──────── PROVIDED DATA

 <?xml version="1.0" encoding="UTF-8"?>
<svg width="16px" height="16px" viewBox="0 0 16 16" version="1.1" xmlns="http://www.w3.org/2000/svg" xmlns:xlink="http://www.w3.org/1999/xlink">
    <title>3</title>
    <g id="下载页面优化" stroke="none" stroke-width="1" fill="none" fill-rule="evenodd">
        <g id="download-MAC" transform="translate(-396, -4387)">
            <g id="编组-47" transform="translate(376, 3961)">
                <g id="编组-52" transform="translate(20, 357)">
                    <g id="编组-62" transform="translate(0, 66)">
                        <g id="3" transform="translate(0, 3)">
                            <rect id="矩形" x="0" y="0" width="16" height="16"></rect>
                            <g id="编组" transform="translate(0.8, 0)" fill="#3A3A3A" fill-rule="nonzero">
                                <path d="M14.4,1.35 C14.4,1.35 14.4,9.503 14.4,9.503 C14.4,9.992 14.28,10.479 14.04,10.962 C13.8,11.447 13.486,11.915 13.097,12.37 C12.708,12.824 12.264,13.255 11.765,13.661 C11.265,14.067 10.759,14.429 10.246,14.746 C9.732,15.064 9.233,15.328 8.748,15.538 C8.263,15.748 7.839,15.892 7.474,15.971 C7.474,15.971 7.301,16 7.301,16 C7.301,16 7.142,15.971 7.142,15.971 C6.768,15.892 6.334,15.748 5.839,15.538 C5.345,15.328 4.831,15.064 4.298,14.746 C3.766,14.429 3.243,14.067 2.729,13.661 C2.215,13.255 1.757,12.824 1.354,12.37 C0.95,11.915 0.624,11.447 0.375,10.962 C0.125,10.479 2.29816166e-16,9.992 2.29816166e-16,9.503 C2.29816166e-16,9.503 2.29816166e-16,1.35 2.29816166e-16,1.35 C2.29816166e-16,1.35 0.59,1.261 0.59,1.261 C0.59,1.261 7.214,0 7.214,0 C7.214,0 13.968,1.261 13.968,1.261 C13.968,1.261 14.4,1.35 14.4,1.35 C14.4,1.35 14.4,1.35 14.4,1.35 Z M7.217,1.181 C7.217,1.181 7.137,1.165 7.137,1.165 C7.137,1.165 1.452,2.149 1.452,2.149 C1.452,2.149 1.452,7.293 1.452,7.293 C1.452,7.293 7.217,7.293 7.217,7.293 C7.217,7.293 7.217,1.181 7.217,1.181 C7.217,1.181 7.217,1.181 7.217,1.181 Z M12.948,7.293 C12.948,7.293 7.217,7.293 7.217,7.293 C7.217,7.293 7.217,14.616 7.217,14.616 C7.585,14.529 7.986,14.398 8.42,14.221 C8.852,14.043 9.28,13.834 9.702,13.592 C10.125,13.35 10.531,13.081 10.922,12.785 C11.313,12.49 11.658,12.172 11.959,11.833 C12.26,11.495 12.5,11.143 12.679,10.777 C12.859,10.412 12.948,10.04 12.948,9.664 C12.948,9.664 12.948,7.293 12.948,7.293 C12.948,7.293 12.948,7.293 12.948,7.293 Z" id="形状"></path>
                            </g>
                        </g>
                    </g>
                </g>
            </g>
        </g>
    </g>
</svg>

────────────────

▸ **YOUR GOAL**:
Every line above that holds "height" should be copied out.

▸ **RESULT BELOW**:
<svg width="16px" height="16px" viewBox="0 0 16 16" version="1.1" xmlns="http://www.w3.org/2000/svg" xmlns:xlink="http://www.w3.org/1999/xlink">
                            <rect id="矩形" x="0" y="0" width="16" height="16"></rect>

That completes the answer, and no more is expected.